Thermo-kinetics study of microalgal biomass in oxidative torrefaction followed by machine learning regression and classification approaches

Abstract

Solid biofuels derived from microalgae represent a low-cost, high-volume bioproduct opportunity with excellent CO2 biofixation capability, contributing significantly to the attainment of net zero. Oxidative torrefaction also offers a more economical pretreatment to upgrade its solid fuel properties. This study investigates the thermo-kinetics aspect of oxidative torrefaction of microalgae with varying O2 concentrations using thermogravimetric and differential thermal analysis (TGA-DTA).
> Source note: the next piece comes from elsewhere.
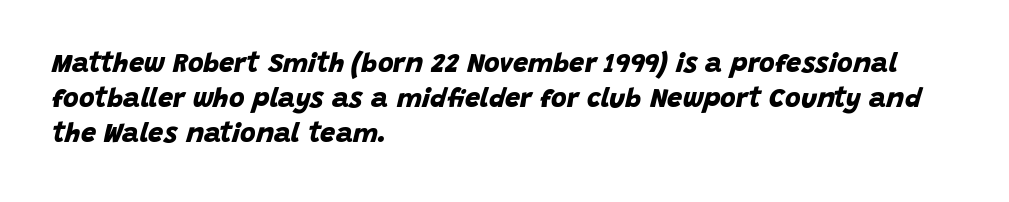
Q: Is the text bold? A: Yes.
Q: Is the text underlined? A: No.
Q: How is the paragraph aligned? A: Left-aligned.
Q: Is the spacing between letters normal or unusually wide? A: Normal.
Q: Is the spacing between lines tight, normal or loose? A: Normal.

Isoconversional kinetic modeling is applied to mass-loss data and shows average activation energies of 172.57, 174.68, 199.42, and 209.03 kJ‧mol−1 at 0, 3, 12, and 21 % O2 concentrations, respectively. The effect of O2, especially at 12 vol%, significantly reduces the calculated activation energy at lower conversion. DTA also reveals lower heat flow values under oxidative than inert torrefaction. Thermo-kinetics data are then utilized to conduct machine learning approaches. Regression via artificial neural networks shows that the prediction of conversion and heat flow values are predominantly dictated by the temperature, followed by heating rate and O2 concentration. Finally, classification using the k-nearest neighbors algorithm highlights the effects of factors at specific ranges of conversion and heat flow responses. The O2 concentration is significant only at early conversion (X<0.1) and contributes to generally lower heat flow values.